Charles Bediako comes on the heels of Baylor bringing in James Nnaji, who was actually drafted by an NBA team though he never even played in the G-League, never mind in the NBA. At that point, it did seem that the NCAA was going to draw a line in the sand that guys who had actually signed an NBA contract were not eligible to play college basketball any more… only for Alabama to bring in a guy who’d signed a two-way contract with the Spurs in 2023 and basically tell the NCAA “fuck you, what are you gonna do about it?” The condemnation has been swift and universal, but in the past, a school in a similar situation would have said “that’s fine that a judge said that, but he can’t make us actually play you in any games, and we’re not gonna do that until the NCAA says it’s okay.“ (Penny Hardaway refusing to hold out James Wiseman was a notable exception.)

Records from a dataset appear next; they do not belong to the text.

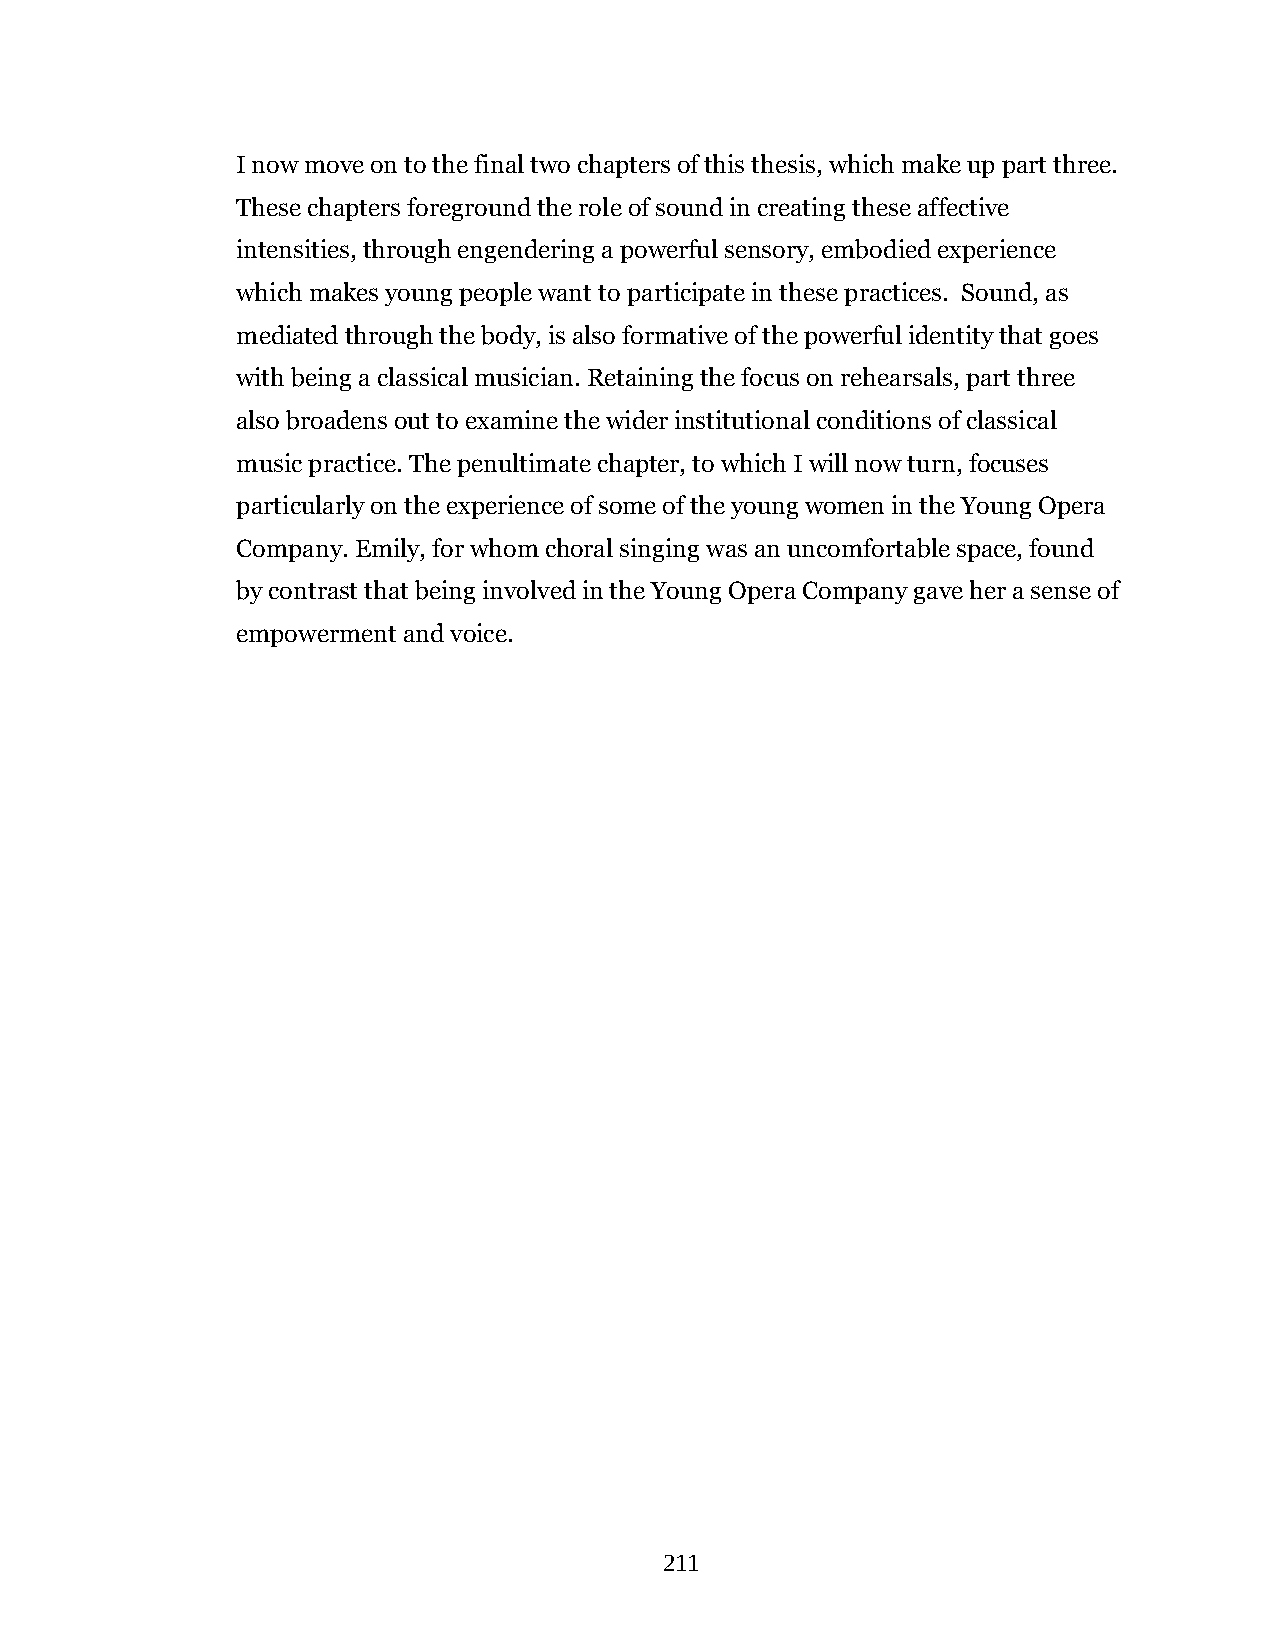
I now move on to the final two chapters of this thesis, which make up part three.
 These chapters foreground the role of sound in creating these affective
 intensities, through engendering a powerful sensory, embodied experience
 which makes young people want to participate in these practices. Sound, as
 mediated through the body, is also formative of the powerful identity that goes
 with being a classical musician. Retaining the focus on rehearsals, part three
 also broadens out to examine the wider institutional conditions of classical
 music practice. The penultimate chapter, to which I will now turn, focuses
 particularly on the experience of some of the young women in the Young Opera
 Company. Emily, for whom choral singing was an uncomfortable space, found
 by contrast that being involved in the Young Opera Company gave her a sense of
 empowerment and voice.
 211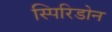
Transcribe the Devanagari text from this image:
स्पिरिडोन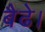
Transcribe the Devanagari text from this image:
बैढे।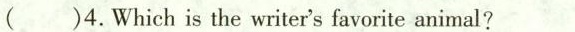
()4. Which is the writer's favorite animal?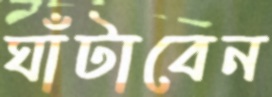
ঘাঁটাবেন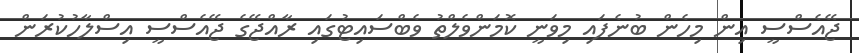
ޖޭއެސްސީ އިން މިހެން ބުނެފައި މިވަނީ ކޮމަންވެލްތު ވެބްސައިޓުގައި ރާއްޖޭގެ ޖޭއެސްސީ އިސްލާހުކުރަން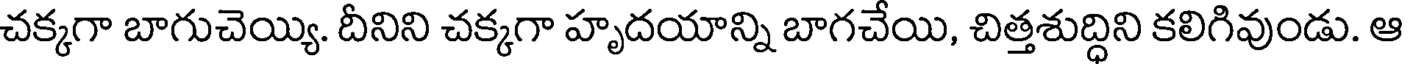
చక్కగా బాగుచెయ్యి. దీనిని చక్కగా హృదయాన్ని బాగచేయి, చిత్తశుద్ధిని కలిగివుండు. ఆ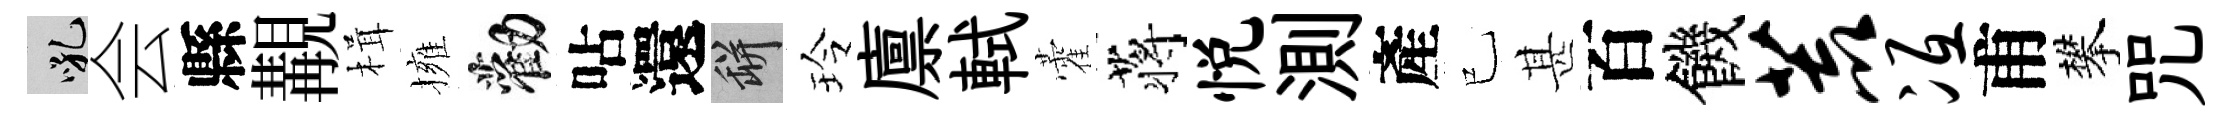
吼会縣覯楫擁勸呫還瓶玲廪軾藿蒋悦測產已甚百饑荒冱甫攀咒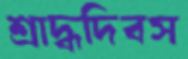
শ্রাদ্ধদিবস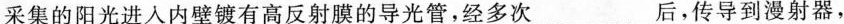
采集的阳光进入内壁镀有高反射膜的导光管，经多次___后，传导到漫射器，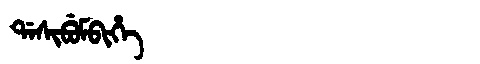
Manchu: ᡩᠠᠰᡳᠪᡠᠮᠪᡳᡥᡝ
Romanization: DASIBUMBIHE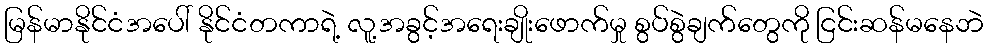
မြန်မာနိုင်ငံအပေါ် နိုင်ငံတကာရဲ့ လူ့အခွင့်အရေးချိုးဖောက်မှု စွပ်စွဲချက်တွေကို ငြင်းဆန်မနေဘဲ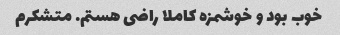
خوب بود و خوشمزه کاملا راضی هستم. متشکرم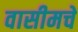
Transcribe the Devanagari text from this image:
वासीमचे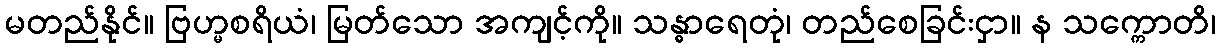
မတည်နိုင်။ ဗြဟ္မစရိယံ၊ မြတ်သော အကျင့်ကို။ သန္ဓာရေတုံ၊ တည်စေခြင်းငှာ။ န သက္ကောတိ၊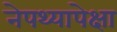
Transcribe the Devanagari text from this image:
नेपथ्यापेक्षा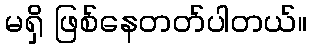
မရှိ ဖြစ်နေတတ်ပါတယ်။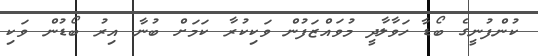
ކުންފުނީގެ ބޯޑާ ހަވާލާދީ މުވައްޒަފުން ވަކިކުރާ ކަމަށް ބުނާ އިރު ބޯޑުން ވަކި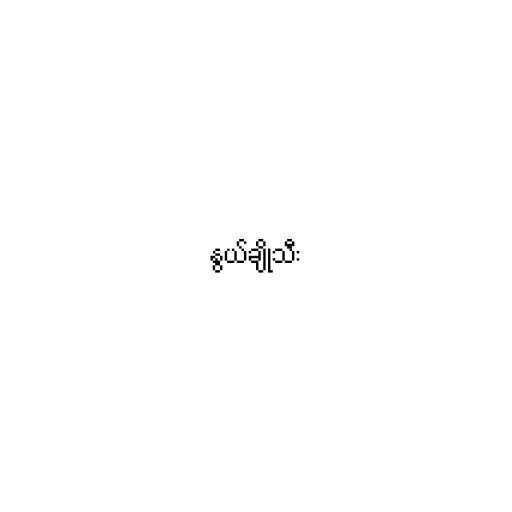
နွယ်ချိုသီး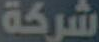
شركة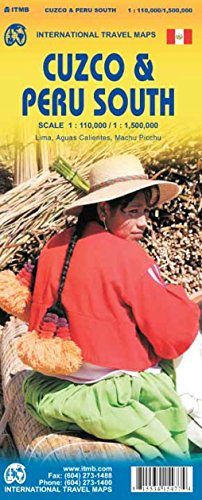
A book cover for Cuzco 1:110,000 & Peru South 1:1,5M 2011*** (International Travel Maps); ITM Canada; Travel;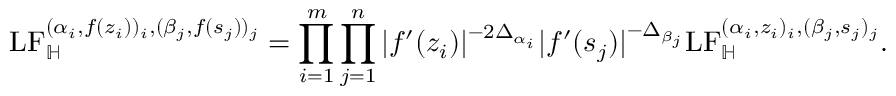
\mathrm { L F } _ { \mathbb H } ^ { ( \alpha _ { i } , f ( z _ { i } ) ) _ { i } , ( \beta _ { j } , f ( s _ { j } ) ) _ { j } } = \prod _ { i = 1 } ^ { m } \prod _ { j = 1 } ^ { n } | f ^ { \prime } ( z _ { i } ) | ^ { - 2 \Delta _ { \alpha _ { i } } } | f ^ { \prime } ( s _ { j } ) | ^ { - \Delta _ { \beta _ { j } } } \mathrm { L F } _ { \mathbb H } ^ { ( \alpha _ { i } , z _ { i } ) _ { i } , ( \beta _ { j } , s _ { j } ) _ { j } } .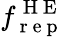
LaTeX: f_{\mathrm{~r~e~p~}}^{\mathrm{~H~E~}}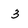
Character: 3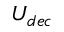
U _ { d e c }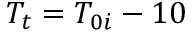
T _ { t } = T _ { 0 i } - 1 0
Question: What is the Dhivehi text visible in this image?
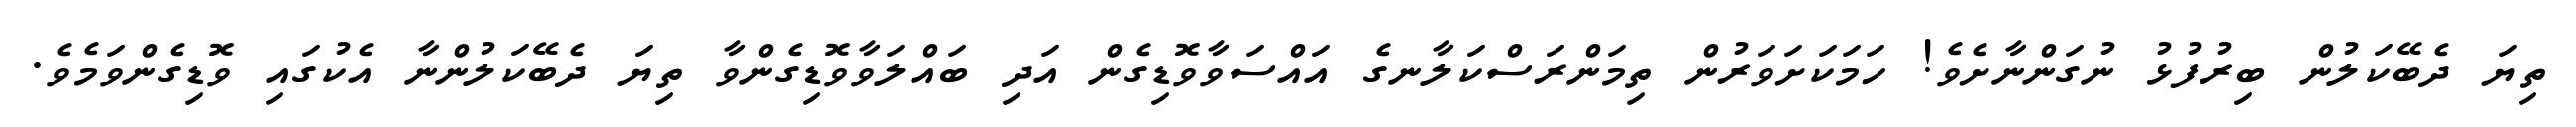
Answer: ތިޔަ ދެބޭކަލުން ބިރުފުޅު ނުގަންނާށެވެ! ހަމަކަށަވަރުން ތިމަންރަސްކަލާނގެ އައްސަވާވޮޑިގެން އަދި ބައްލަވާވޮޑިގެންވާ ތިޔަ ދެބޭކަލުންނާ އެކުގައި ވޮޑިގެންވަމެވެ.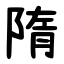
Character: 隋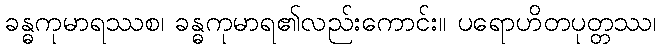
ခန္ဓကုမာရဿစ၊ ခန္ဓကုမာရ၏လည်းကောင်း။ ပရောဟိတပုတ္တဿ၊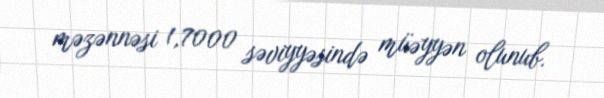
məzənnəsi 1,7000 səviyyəsində müəyyən olunub.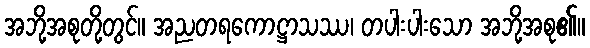
အဘို့အစုတို့တွင်။ အညတရကောဋ္ဌာသဿ၊ တပါးပါးသော အဘို့အစု၏။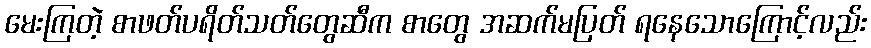
မေးကြတဲ့ စာဖတ်ပရိတ်သတ်တွေဆီက စာတွေ အဆက်မပြတ် ရနေသောကြောင့်လည်း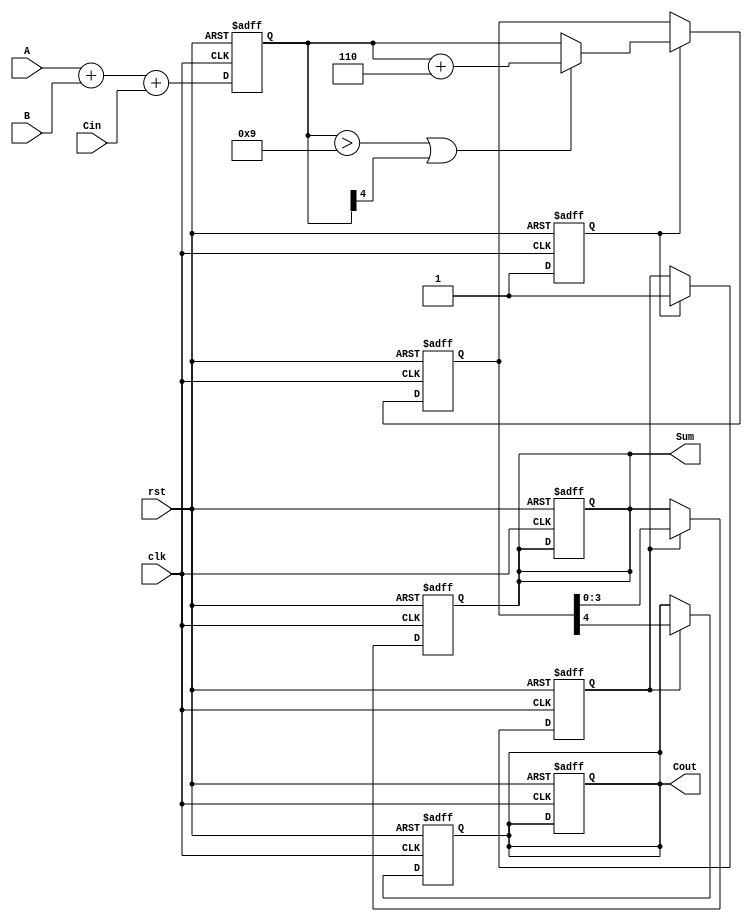
module BCD_Pipelined_Adder (
    input wire [3:0] A,      // BCD input A
    input wire [3:0] B,      // BCD input B
    input wire Cin,          // Carry input
    input wire clk,          // Clock signal
    input wire rst,          // Reset signal
    output reg [3:0] Sum,    // Corrected BCD output
    output reg Cout          // Carry output
);

    // Intermediate signals
    reg [4:0] stage1_sum;    // Sum from Stage 1
    reg [4:0] stage2_sum;    // Sum after correction
    reg stage1_valid;         // Valid signal for stage 1
    reg stage2_valid;         // Valid signal for stage 2

    // Stage 1: BCD Addition
    always @(posedge clk or posedge rst) begin
        if (rst) begin
            stage1_sum <= 5'b0;
            stage1_valid <= 1'b0;
        end else begin
            stage1_sum <= A + B + Cin; // Add A, B, and Cin
            stage1_valid <= 1'b1;       // Mark stage 1 as valid
        end
    end

    // Stage 2: BCD Correction Logic
    always @(posedge clk or posedge rst) begin
        if (rst) begin
            stage2_sum <= 5'b0;
            stage2_valid <= 1'b0;
            Sum <= 4'b0;
            Cout <= 1'b0;
        end else if (stage1_valid) begin
            // Check for BCD correction
            if (stage1_sum > 9 || stage1_sum[4]) begin
                stage2_sum <= stage1_sum + 5'b0110; // Add 6 for correction
            end else begin
                stage2_sum <= stage1_sum; // No correction needed
            end
            stage2_valid <= 1'b1; // Mark stage 2 as valid
        end
    end

    // Output Stage: Final Result
    always @(posedge clk or posedge rst) begin
        if (rst) begin
            Sum <= 4'b0;
            Cout <= 1'b0;
        end else if (stage2_valid) begin
            Sum <= stage2_sum[3:0]; // Take the lower 4 bits as the result
            Cout <= stage2_sum[4];  // Carry out is the 5th bit
        end
    end

endmodule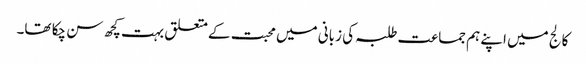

Now, a lot of the problem that’s happening now is that systems of voluntary compliance don’t work when a uniquely shameless generation of athletes and coaches comes along. For decades after Curt Flood sued MLB to end the reserve clause, baseball players staying with their drafting team for their entire career was hardly unheard of because it was happening in the context of a generation of players and managers who didn’t view relationships as strictly transactional. It’s no coincidence that Pete Golding is 41, the same age as LeBron James (and myself), the megastar who’s spent his entire career basically leveraging his teams for short-term maximization of his bank account. This is the generation that created the expectation that players under contract who demanded a trade should have their demands met, regardless of whether it’s in the team’s interest or not. Of COURSE they don’t think contracts should be enforced. That’s all come into contact with a generation entering college who seems to have decided that if you can ChatGPT your way to a college degree, you do it, and a generation of adults telling them that “fuck it, burn everything down” is a rational response to the world.
And yet, finally, we’re reaching a line in the sand that’s causing people to finally say they’ve had enough, and a coaching community recognizing that the only way out of this is to name and shame the offenders. Which should have been done a long time ago, but “everybody’s doing it” was the excuse for too long.